Fifteen miles away, a producer sits in his home music studio with a glass of red wine. He has written a song acoustically that he is bringing to life electronically. He takes sounds from the physical world and brings them into his virtual realm, where he utilizes studio technology to create a four minute sonic story.

Cut to a cafe in Beverly Hills, where conductor and producer sit across from one another.

Tyson Illingworth has asked Christopher Tin to an introductory coffee via their mutual publishing house. Tin is curious to make the new connection. For Illingworth, the coffee is far more than a new connection. He has a plan to fulfill.

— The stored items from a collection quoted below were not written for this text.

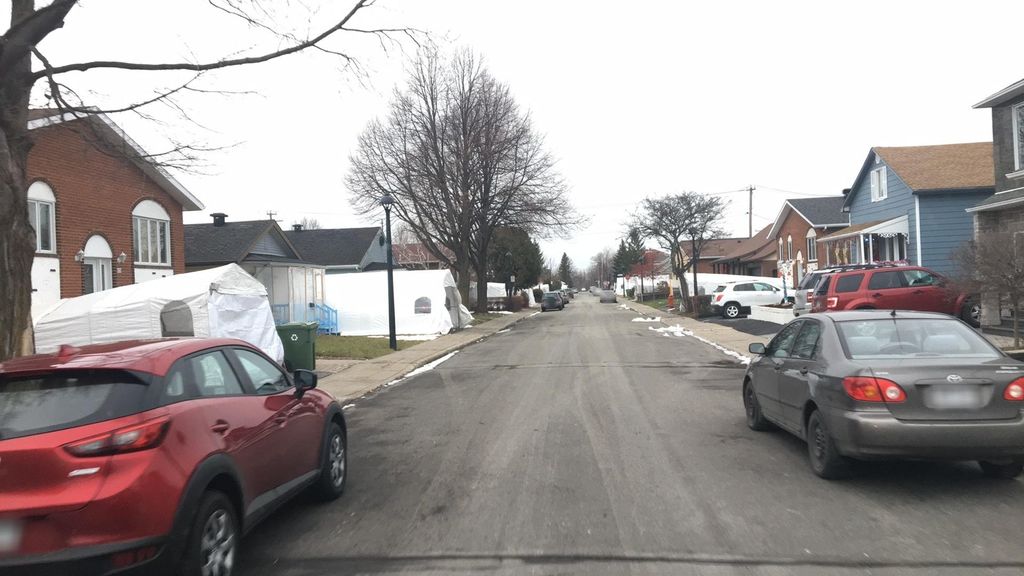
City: montreal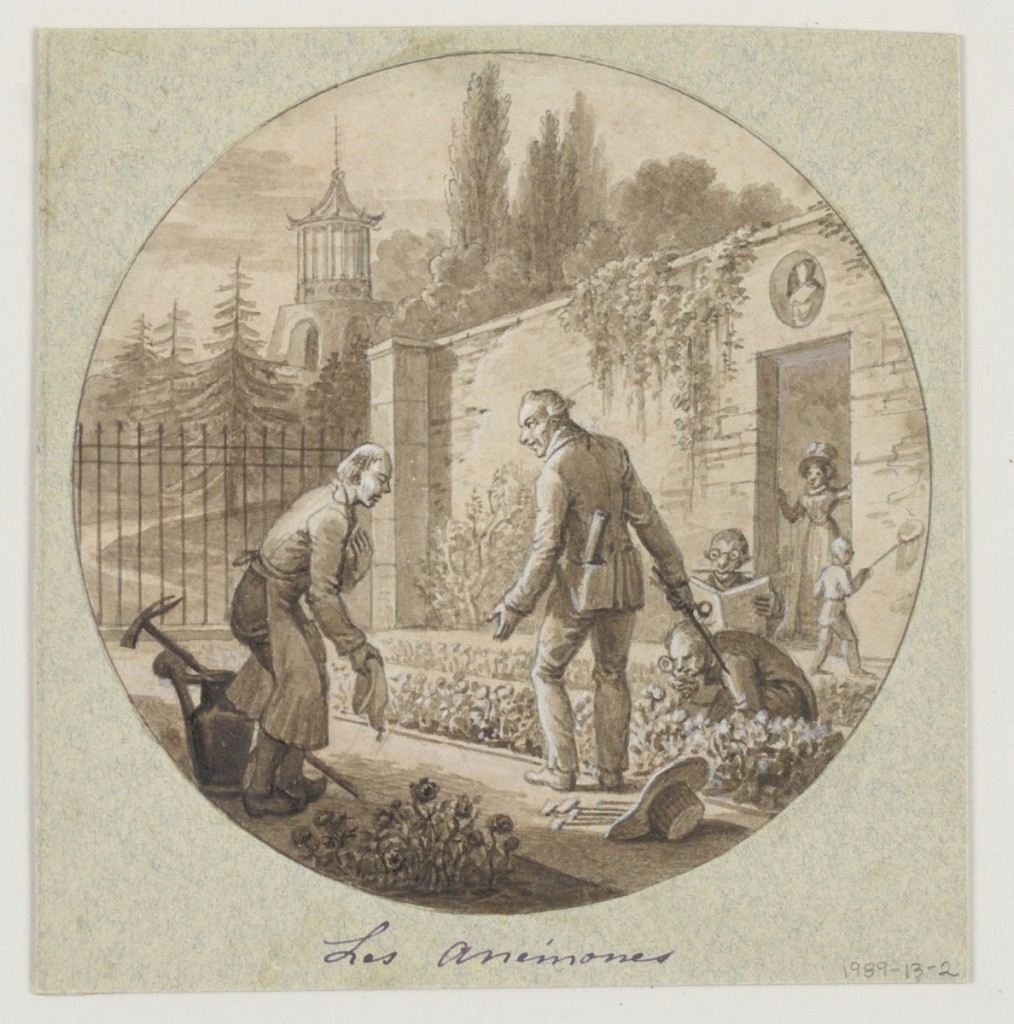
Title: Design for a Painted Porcelain Plate, Les Anémones (Anemones) for the Service de la Culture des Fleurs (Flower Cultivation Service)
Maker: Jean Charles Develly, French, 1783 - 1849
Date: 1821–24
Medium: Pen and brown, black ink, brush and brown, black wash, white gouache, red crayon, graphite on tan paper, mounted on blue-gray paper
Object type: Drawing
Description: Design for a painted porcelain plate, rondel. Garden setting with chinoiserie pagoda in left background. Male gardener and figure of a gentleman stand and bow before each other in the middle of anemone beds. Two other men appear behind them, one kneeling and examining flowers, other seated, with a brush between his teeth regarding his sketchbook.  A woman appears in doorway of the garden wall in right background before which a young boy plays with a butterfly net.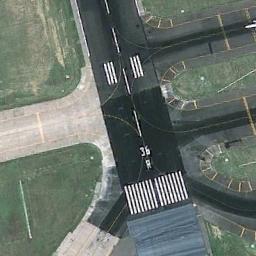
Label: runway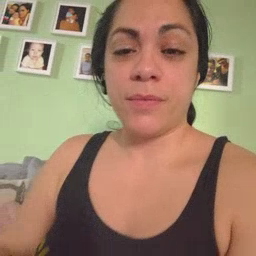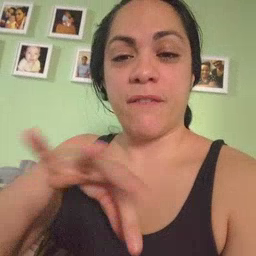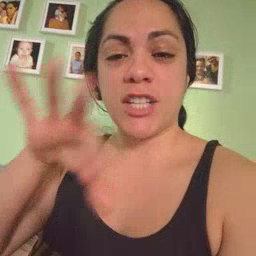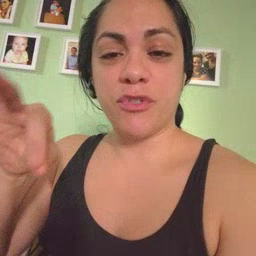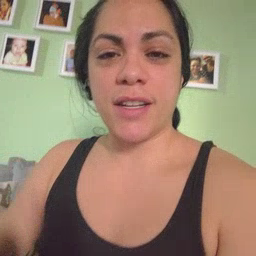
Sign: frenchfries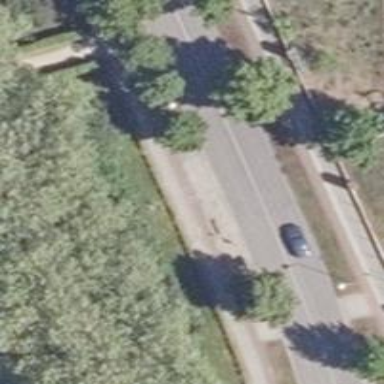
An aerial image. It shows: Paved path.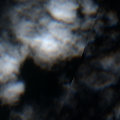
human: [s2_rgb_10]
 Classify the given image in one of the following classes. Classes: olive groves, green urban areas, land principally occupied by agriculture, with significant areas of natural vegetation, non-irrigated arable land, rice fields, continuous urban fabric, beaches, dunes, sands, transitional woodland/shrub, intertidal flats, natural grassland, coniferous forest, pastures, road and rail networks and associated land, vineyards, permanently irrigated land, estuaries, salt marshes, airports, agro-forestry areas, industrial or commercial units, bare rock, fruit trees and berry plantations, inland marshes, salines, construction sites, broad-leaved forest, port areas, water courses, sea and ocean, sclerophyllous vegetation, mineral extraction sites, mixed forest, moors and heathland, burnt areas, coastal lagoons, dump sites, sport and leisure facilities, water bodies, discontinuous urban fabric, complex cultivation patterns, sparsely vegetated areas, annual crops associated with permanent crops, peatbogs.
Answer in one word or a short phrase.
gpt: sea and ocean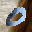
Label: 0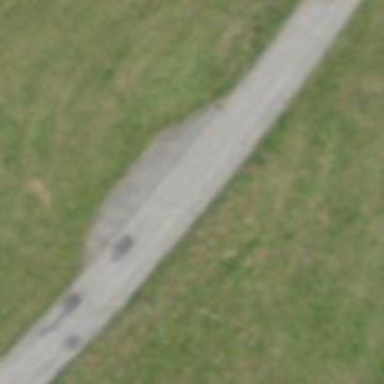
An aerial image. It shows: Passing place on the road.
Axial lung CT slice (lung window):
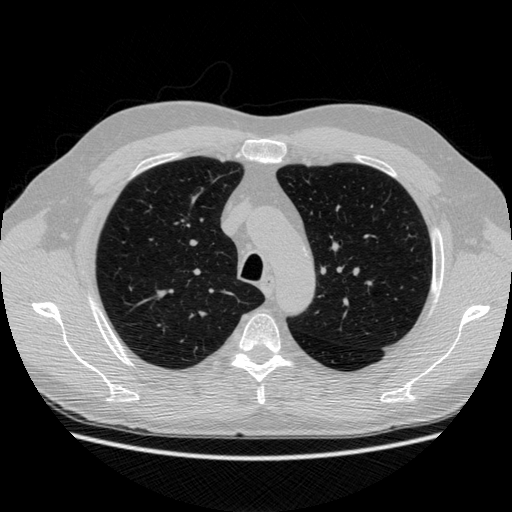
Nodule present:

Illingworth, better known by his stage name tyDi, has released five studio albums, toured the world, and hit number one in the dance music charts more than a few times. He has a Bachelor’s of Music and Music technology, and he has spent many nights sitting in his studio reminiscing about his days at the music conservatory. When Illingworth needs a reprieve from the pressure of writing his next “hit,” he writes melodies and compositions with orchestral sections, knowing the compositions will never see the light of day.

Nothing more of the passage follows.